# Vintage Grana



## brianciaran (Apr 4, 2009)

I have a vintage Grana, early to mid 40's I'd say, very Art Deco, it was purchased in Germany by my Grand Uncle, it works but needs some TLC, winder has a lot of play in it but it does wind, I believe the case might be Gold, Dial has yellowed a lot and markings are poor, can anyone tell me a bit more about Grana? I'd like to get it restored if it has value, can anyone direct me to some sites which offer such a service? I will post a pic if that helps?

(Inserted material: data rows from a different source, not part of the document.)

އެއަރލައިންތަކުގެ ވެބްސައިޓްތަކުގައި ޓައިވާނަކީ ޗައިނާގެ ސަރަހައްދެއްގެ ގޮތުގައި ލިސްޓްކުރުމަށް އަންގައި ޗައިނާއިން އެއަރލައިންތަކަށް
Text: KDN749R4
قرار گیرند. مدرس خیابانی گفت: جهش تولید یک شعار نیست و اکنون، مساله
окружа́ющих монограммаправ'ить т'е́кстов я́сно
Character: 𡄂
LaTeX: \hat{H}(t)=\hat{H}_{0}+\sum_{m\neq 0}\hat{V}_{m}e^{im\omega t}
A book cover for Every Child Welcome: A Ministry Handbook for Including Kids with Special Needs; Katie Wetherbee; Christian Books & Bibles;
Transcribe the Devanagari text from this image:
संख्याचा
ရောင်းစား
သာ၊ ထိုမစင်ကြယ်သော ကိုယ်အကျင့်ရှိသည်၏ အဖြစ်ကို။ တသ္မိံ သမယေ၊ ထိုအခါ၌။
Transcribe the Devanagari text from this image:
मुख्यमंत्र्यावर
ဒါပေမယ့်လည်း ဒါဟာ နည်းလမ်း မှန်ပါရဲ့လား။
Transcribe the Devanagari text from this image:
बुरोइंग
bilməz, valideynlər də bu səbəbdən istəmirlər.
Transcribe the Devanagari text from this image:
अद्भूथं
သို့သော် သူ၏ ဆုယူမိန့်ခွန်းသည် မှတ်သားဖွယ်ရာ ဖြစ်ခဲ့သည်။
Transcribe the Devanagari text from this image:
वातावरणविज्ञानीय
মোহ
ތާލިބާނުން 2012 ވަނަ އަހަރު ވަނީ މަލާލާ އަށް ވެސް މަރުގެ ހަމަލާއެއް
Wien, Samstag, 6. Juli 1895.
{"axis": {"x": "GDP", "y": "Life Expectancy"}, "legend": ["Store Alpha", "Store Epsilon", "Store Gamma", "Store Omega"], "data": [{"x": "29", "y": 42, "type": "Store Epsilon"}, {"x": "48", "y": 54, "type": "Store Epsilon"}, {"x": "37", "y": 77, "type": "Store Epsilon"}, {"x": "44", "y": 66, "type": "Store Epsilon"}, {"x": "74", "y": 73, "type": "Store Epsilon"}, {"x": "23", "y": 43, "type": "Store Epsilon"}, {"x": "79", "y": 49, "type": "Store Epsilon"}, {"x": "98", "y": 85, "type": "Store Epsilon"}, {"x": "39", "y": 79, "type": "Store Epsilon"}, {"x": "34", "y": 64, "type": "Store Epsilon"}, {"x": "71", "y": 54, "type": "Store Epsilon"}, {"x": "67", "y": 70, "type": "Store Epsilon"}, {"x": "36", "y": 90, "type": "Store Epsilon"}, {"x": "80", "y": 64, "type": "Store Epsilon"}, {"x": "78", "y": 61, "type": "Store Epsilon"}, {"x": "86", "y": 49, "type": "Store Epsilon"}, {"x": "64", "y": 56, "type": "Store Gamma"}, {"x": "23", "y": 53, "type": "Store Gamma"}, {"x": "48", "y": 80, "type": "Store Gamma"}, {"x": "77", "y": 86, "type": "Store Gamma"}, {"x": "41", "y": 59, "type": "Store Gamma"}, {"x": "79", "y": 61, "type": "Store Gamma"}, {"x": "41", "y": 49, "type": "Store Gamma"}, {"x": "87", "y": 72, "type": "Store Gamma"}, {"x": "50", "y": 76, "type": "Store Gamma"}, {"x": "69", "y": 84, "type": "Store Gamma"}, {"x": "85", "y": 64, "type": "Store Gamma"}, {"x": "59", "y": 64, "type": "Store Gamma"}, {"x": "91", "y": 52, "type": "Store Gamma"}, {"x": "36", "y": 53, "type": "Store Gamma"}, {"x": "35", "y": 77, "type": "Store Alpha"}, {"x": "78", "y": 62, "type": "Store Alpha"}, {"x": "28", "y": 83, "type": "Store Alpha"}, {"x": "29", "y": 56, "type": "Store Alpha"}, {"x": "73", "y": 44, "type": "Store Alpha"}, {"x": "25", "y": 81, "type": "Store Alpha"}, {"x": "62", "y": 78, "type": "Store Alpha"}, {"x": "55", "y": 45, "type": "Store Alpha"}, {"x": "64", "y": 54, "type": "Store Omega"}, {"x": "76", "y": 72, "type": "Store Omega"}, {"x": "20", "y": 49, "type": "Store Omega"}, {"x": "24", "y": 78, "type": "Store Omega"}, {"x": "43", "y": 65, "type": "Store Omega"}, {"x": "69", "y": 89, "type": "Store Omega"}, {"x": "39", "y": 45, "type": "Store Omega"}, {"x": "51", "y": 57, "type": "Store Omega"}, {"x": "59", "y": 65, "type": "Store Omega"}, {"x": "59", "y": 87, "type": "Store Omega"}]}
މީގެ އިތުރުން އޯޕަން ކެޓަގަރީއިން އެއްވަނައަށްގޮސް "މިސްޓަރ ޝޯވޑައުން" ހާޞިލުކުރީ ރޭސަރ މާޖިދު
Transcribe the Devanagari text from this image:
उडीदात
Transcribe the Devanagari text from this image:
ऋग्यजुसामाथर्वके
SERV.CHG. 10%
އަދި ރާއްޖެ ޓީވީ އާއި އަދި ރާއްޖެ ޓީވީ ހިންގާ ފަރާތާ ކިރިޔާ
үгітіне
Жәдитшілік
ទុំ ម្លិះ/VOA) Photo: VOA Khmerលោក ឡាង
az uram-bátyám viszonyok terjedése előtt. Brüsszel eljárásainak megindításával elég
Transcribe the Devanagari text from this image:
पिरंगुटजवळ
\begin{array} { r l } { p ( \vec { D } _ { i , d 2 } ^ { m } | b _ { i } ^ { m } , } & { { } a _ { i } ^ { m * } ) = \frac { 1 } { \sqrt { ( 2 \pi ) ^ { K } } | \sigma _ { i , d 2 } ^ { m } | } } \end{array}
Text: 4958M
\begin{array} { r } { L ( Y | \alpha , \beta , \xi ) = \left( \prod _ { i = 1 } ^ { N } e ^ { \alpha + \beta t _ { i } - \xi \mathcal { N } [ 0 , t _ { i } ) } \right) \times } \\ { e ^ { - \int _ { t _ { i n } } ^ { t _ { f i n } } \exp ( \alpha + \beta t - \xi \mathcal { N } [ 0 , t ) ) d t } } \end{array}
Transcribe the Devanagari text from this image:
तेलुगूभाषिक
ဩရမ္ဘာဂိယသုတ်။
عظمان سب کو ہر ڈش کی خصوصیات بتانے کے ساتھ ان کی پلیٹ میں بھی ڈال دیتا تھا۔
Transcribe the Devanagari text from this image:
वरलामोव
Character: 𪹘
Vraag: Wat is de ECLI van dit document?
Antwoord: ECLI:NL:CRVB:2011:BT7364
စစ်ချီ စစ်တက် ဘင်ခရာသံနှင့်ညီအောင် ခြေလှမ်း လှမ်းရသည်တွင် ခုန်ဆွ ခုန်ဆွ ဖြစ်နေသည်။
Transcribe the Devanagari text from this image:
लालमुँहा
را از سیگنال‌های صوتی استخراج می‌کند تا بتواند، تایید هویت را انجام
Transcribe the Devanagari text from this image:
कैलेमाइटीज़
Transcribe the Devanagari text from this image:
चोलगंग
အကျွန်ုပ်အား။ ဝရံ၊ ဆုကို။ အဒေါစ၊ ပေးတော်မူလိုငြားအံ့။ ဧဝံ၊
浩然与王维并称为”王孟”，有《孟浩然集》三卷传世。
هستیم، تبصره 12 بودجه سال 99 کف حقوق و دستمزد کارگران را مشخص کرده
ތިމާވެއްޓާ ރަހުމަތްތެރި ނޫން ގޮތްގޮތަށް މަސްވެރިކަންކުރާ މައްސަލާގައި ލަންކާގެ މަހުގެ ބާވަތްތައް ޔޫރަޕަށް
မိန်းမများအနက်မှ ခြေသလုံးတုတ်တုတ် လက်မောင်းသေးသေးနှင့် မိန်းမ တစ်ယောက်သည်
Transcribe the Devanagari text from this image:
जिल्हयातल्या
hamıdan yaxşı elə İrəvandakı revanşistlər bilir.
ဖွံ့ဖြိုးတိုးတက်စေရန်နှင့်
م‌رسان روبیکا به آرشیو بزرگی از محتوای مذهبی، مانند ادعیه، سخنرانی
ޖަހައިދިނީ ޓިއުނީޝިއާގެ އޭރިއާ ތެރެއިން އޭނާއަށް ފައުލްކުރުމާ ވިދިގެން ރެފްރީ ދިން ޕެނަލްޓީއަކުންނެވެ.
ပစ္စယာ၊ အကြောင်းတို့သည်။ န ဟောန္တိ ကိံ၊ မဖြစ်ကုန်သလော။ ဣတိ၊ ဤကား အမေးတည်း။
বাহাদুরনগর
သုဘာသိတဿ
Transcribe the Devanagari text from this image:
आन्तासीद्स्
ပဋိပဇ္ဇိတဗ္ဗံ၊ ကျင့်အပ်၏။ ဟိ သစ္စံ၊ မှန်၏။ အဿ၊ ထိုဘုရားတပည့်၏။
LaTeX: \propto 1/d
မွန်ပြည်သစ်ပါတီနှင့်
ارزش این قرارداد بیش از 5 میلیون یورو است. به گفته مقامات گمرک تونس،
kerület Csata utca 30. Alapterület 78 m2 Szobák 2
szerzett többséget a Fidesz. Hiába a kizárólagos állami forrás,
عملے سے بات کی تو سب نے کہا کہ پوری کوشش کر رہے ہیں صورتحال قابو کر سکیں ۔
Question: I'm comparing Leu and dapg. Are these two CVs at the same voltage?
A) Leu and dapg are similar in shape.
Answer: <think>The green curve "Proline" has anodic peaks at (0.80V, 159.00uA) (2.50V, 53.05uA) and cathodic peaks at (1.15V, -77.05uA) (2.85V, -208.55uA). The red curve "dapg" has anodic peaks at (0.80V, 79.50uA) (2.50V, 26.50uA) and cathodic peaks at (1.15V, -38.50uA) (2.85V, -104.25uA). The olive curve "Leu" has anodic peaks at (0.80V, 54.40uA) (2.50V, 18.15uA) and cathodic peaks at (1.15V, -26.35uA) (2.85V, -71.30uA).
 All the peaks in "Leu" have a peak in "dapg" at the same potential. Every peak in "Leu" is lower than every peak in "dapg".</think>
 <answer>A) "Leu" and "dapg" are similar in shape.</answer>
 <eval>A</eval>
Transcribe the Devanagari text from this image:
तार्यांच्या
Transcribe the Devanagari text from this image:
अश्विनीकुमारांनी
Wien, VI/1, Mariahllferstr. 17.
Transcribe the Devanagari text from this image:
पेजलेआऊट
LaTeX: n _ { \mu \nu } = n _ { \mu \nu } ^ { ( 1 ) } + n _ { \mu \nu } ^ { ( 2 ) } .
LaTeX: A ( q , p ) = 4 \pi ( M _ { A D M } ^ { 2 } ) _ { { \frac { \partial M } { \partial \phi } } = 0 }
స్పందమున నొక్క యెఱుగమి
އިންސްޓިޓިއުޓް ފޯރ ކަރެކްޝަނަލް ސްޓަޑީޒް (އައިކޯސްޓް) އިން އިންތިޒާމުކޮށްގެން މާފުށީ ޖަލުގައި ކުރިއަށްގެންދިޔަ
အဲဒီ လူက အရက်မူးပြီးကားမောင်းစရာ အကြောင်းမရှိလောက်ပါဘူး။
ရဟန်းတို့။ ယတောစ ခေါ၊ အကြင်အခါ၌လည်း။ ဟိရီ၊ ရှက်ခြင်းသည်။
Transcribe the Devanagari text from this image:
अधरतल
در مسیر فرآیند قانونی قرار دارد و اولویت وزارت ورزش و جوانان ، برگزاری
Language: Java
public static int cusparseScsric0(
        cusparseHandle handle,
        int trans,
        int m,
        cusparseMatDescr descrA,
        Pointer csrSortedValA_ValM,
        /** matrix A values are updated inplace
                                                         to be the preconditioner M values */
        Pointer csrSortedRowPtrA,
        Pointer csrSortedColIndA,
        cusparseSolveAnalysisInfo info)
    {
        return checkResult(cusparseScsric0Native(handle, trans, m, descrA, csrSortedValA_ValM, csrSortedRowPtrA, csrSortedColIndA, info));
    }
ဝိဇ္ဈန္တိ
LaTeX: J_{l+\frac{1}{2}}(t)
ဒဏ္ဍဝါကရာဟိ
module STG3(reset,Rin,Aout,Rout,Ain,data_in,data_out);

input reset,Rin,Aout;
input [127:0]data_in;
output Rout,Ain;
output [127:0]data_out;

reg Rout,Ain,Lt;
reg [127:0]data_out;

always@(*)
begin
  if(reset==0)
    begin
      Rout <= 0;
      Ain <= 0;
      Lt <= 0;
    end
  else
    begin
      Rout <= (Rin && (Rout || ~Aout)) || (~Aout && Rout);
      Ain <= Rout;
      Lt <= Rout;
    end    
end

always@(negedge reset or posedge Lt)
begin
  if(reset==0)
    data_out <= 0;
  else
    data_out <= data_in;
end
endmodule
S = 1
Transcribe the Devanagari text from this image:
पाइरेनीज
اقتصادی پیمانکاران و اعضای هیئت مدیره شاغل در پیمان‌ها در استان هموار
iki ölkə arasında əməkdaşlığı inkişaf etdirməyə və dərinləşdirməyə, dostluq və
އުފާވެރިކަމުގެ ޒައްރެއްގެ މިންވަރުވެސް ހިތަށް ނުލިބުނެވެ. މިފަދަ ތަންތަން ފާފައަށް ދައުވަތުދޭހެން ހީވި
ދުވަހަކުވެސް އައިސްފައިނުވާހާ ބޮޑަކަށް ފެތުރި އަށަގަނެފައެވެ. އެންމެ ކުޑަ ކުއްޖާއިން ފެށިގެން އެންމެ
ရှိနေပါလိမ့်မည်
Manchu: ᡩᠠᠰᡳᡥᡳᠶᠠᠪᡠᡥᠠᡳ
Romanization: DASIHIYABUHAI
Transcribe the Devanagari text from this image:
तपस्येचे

I also have a Gents Watch from the 50's belonging to my late Uncle, I have scoured the Web but found nothing on this maker, the name is 'Don', it is marked '21 Jewels' and 'Shockproof' on the dial and has a Stainless Steel back, stamped 'Waterproof 20m' and various other bits of information. It may have a Gold case and it is working, the crown though is completely worn and I'm wondering if it was replaced? I think the crown is Gold, no evidence of plating wear, when examined under the Loupe, just plenty of dings and dents and it's very smooth and has no grip whatsoever! I can also post a pic if it would help?

Many thanks,

Brian


----------



## bjohnson (Oct 2, 2007)

Grana = Kurth Freres = Certina

but other than that ....










please post some pics of the watches (and the movements if you can open them without damaging them)


----------



## Griff (Feb 23, 2003)

ditto


----------



## brianciaran (Apr 4, 2009)

Point taken.

Photos to follow, might be a couple of days.

Thanks for your interest.

Brian


----------